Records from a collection
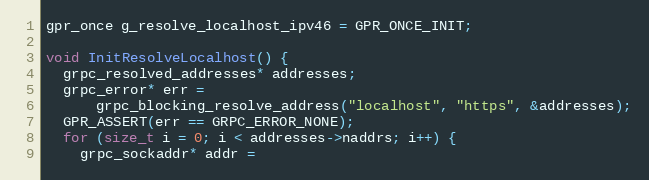
Language: C++
gpr_once g_resolve_localhost_ipv46 = GPR_ONCE_INIT;

void InitResolveLocalhost() {
  grpc_resolved_addresses* addresses;
  grpc_error* err =
      grpc_blocking_resolve_address("localhost", "https", &addresses);
  GPR_ASSERT(err == GRPC_ERROR_NONE);
  for (size_t i = 0; i < addresses->naddrs; i++) {
    grpc_sockaddr* addr =
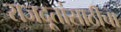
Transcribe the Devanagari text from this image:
राजदूतांसाठीचा
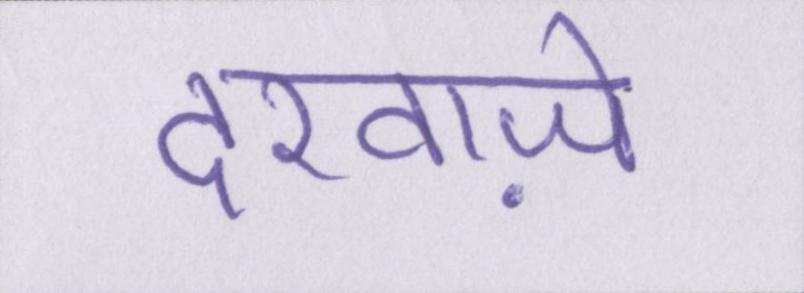
दरवाज़े
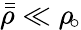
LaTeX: \bar{\bar{\rho}}\ll\rho_{\! \circ}
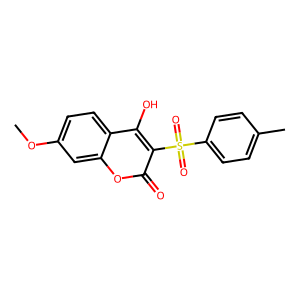
SMILES: COc1ccc2c(O)c(S(=O)(=O)c3ccc(C)cc3)c(=O)oc2c1
Inhibits HIV replication: No
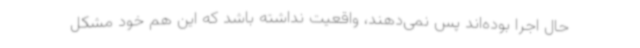
حال اجرا بوده‌اند پس نمی‌دهند، واقعیت نداشته باشد که این هم خود مشکل
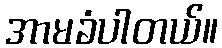
အာမခံပါတယ်။

## [WHAT THE TASK REQUIRES]
The answer is the run of lines from the one with "Transcribe the Devanagari" through the final line of the data, copied exactly, and nothing else; no pictures.

## [SOLUTION TO THIS EXERCISE]
Transcribe the Devanagari text from this image:
राजदूतांसाठीचा
दरवाज़े
LaTeX: \bar{\bar{\rho}}\ll\rho_{\! \circ}
SMILES: COc1ccc2c(O)c(S(=O)(=O)c3ccc(C)cc3)c(=O)oc2c1
Inhibits HIV replication: No
حال اجرا بوده‌اند پس نمی‌دهند، واقعیت نداشته باشد که این هم خود مشکل
အာမခံပါတယ်။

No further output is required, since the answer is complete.